And yes, when you can beat your second top-10 team in just 14 days, with what may have been the first walk-off field goal in regulation in school history, that’s a landmark. This team may have grown up on Saturday. We’ll see how that continues as we hit the meat of LSU’s schedule in October. And what does it say that TWO top-10 opponents doesn’t constitute the hard part of this slate?
This game came down to timing and field position. The Tigers won the turnover battle, won the third-down battle, were perfect in the red zone and were able to make just enough explosive plays to make the difference. Auburn was slightly more consistent on average, but made the mistakes that LSU ultimately needed.

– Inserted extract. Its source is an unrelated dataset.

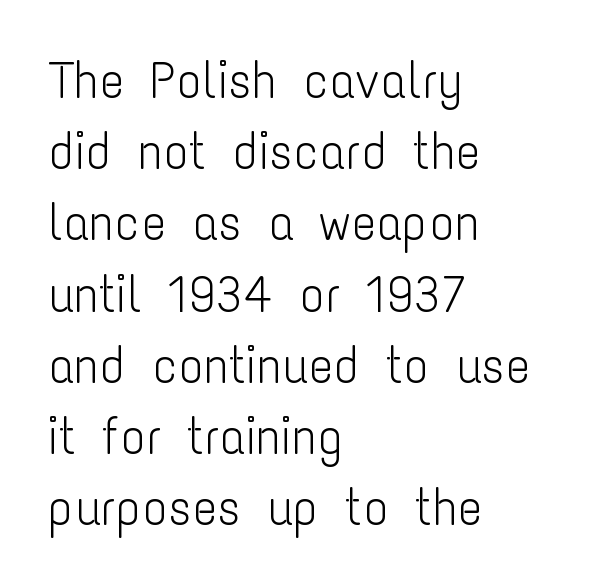
The image shows 52 px light, condensed sans-serif type, upright; set left-aligned, normal line spacing (1.37x), normal letter spacing, not underlined; low stroke contrast and a medium x-height.
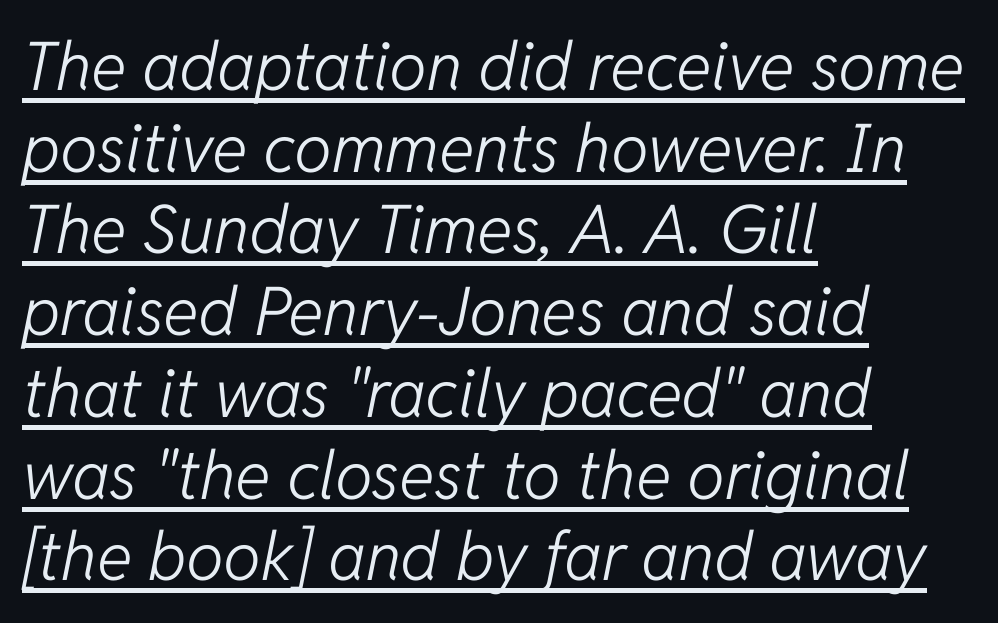
The image shows 67 px light type, italic (leaning right); set left-aligned, line spacing 1.22x, normal letter spacing, underlined; low stroke contrast and a medium x-height.

So let’s breakdown the biggest win of the Ed Orgeron Era to date:
- LSU’s defense took no time in announcing their authority here, with Devin White shedding a lineman and stuffing Shaun Shivers on the first play.

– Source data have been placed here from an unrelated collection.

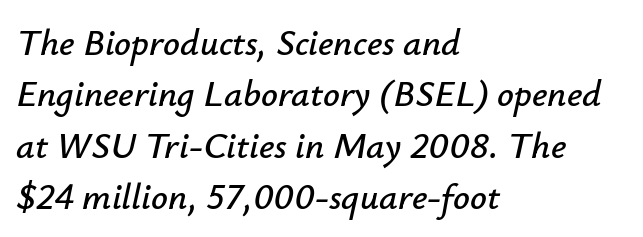
Q: Is the text italic (slanted)? A: Yes, it leans right by about 12 degrees.
Q: Is the text underlined? A: No.
Q: How is the paragraph aligned? A: Left-aligned.
Q: Is the spacing between letters normal or unusually wide? A: Normal.
Q: Is the spacing between lines tight, normal or loose? A: Normal.
Q: Width (condensed, normal, or wide)? A: Normal.
Q: Stroke contrast? A: Low.
Q: x-height? A: Small.
Q: Monospaced? A: No.
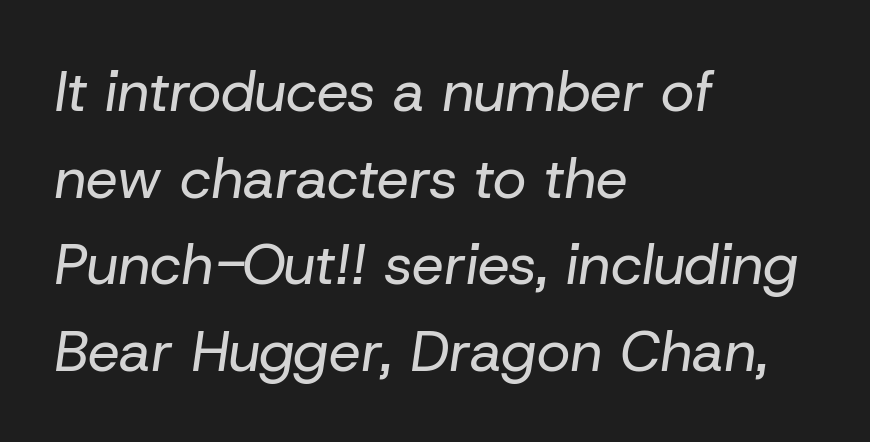
{"italic": "yes", "lean": "right", "slant_degrees": 8, "bold": "no", "weight": "regular", "width": "normal", "stroke_contrast": "low", "x_height": "medium", "monospaced": "no", "underline": "no", "align": "left", "line_spacing": "normal", "line_spacing_ratio": 1.52, "letter_spacing": "normal", "letter_spacing_em": 0.0, "glyph_px": 57}
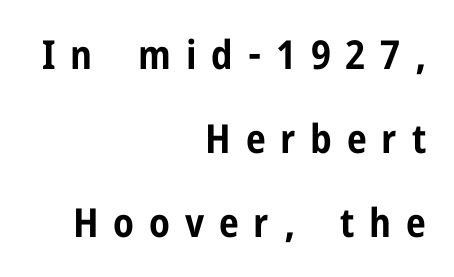
Q: Is the text bold? A: Yes.
Q: Is the text italic (slanted)? A: No, it is upright.
Q: Is the typeface a serif or a sans-serif typeface? A: Sans-serif.
Q: Is the text underlined? A: No.
Q: How is the paragraph aligned? A: Right-aligned.
Q: Is the spacing between letters normal or unusually wide? A: Unusually wide.
Q: Is the spacing between lines tight, normal or loose? A: Loose.
Q: Width (condensed, normal, or wide)? A: Condensed.
Q: Stroke contrast? A: Low.
Q: x-height? A: Medium.
Q: Monospaced? A: No.

- And on the second, Jarrett Stidham just makes an awful throw that Grant Delpit was happy to take off his hands. It was a roll-out play with two receivers crossing and Delpit and Kristian Fulton, but Delpit stays over the top and breaks on his man. If the ball is thrown a couple steps quicker, Stidham might’ve had his man, but he hesitates and throws the ball behind the receiver, right to Delpit.
- Let it be said that LSU came out with a game plan that was exactly what I prescribed on Friday, and that was to come right at the Auburn front, make them defend sideline to sideline and stretch their zone coverage. Right out of the shoot, a trips set to the field, basic levels set with an on-time throw to Justin Jefferson.
- And on LSU’s second play, Auburn’s Deshaun Davis (who was very impressive, as was most of this front) shoots the A-gap on a screen attempt (hey) and when the play was broken up, got right in Joe Burrow’s face talking trash. Not something that particularly bothers me, but relevant later, I think.
- Another levels concept gets Jefferson open over the middle on third-and-15, and Burrow throws it perfectly on time to help set up the score. Steve Ensminger (who also turned 60 on Saturday) was aggressive from the jump on this, and Burrow paid that off early on with some money timing throws. With a few minor quibbles, there wasn’t much to complain about from a play-calling perspective here.
- Delpit comes through on the very next drive, flying up on a quick throw to Ryan Davis to force a fumble/incomplete pass — although Davis had fallen on it even if it had been reviewed. He was seeing everything in this game, and was near perfect, aside from giving up Auburn’s final touchdown in the red zone when he took a false step or two on orbit-sweep play action. He was a player we knew would have to come through in this game with Auburn’s style of offense, and he did.
- Auburn followed it’s expected script as well, trying to go wide to loosen up the middle of the defense, but LSU was more than ready with Delpit and Michael Divinity both doing great jobs of setting the edge and playing the alley, while the LSU line helped keep White and Jacob Phillips clean inside.
- The third/fourth-and-one sequence showed this perfectly. On fourth down, Glen Logan stonewalls the play-side guard and tackle from blocking down past him to the next level, Breiden Fehoko controls the center and White is through the gap before the pulling guard can even see him.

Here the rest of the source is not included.